アルマロスの閉じられた瞼がピクピクと反応した。
やがてゆっくりと目が開いた。
「フォオン…?」
「アルマロス!!」
起き上がったアルマロスは、自分の右胸を見て、手で撫でた。するとウォッチャースーツが傷を塞いだ。
「アルマロス…。」
「フォオン!」
アルマロスは、ルイズの手が酷いやけどになっているのを見て驚いた。
「よかった…。」
ルイズは、泣きながらアルマロスに抱き付いた。
『ほう…、大した根性だ…。』
「フォオン!?」
アルマロスは、その声を聞いて宙を見回した。
空が陰っており、空の向こうからその声が聞こえているようだった。
『異界の天使よ…、いや、堕天使か? まさか我と同じとはな…。』
「フォオオン…。」
『我が何者かだと? 我は、この世界で堕天使と呼ばれている者…。名はない…。我は、ハルケゲニアの神により奪われた無様な堕天使よ。我の前にこれからも歯向かうのなら、我は容赦はしない。覚えておけ。異界の堕天使よ。』
そして声は聞こえなくなった。
アルマロスは、自分を抱きしめて泣いているルイズを慰めながら、先ほどの言葉を思い返した。

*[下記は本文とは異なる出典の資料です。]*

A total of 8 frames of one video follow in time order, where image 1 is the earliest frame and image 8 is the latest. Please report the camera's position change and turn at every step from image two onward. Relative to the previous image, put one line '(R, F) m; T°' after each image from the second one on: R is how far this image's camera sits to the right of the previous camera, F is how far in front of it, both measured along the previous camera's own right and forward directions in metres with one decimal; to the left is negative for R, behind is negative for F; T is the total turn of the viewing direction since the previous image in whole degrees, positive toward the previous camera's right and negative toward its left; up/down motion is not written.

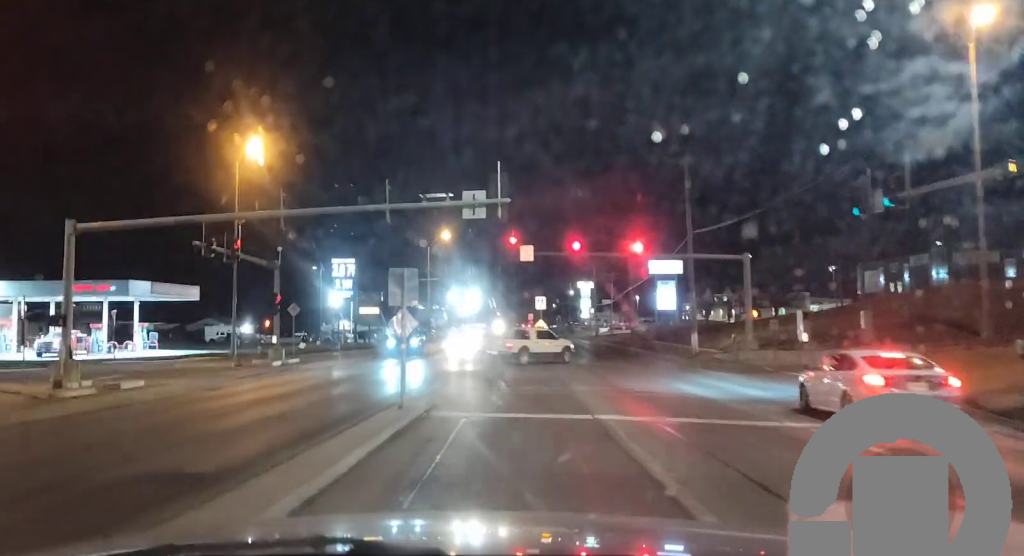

自分を異界の堕天使と呼んだ相手は、この世界の堕天使らしい。
先ほどの氷の矢も、その堕天使が放ったものだろう。
最近降っていた不吉な雪も、その堕天使によるものだとしたら、何かもっと不吉なことが起ころうとしているのかもしれない。
例えそうだとしても自分は……。
アルマロスは、ルイズを抱きしめた。
必ず守ってみせる。
そうアルマロスは決意した。
メッチャ難産でした。
ただハルゲニアの堕天使に一撃を喰らうというのは、決めていました。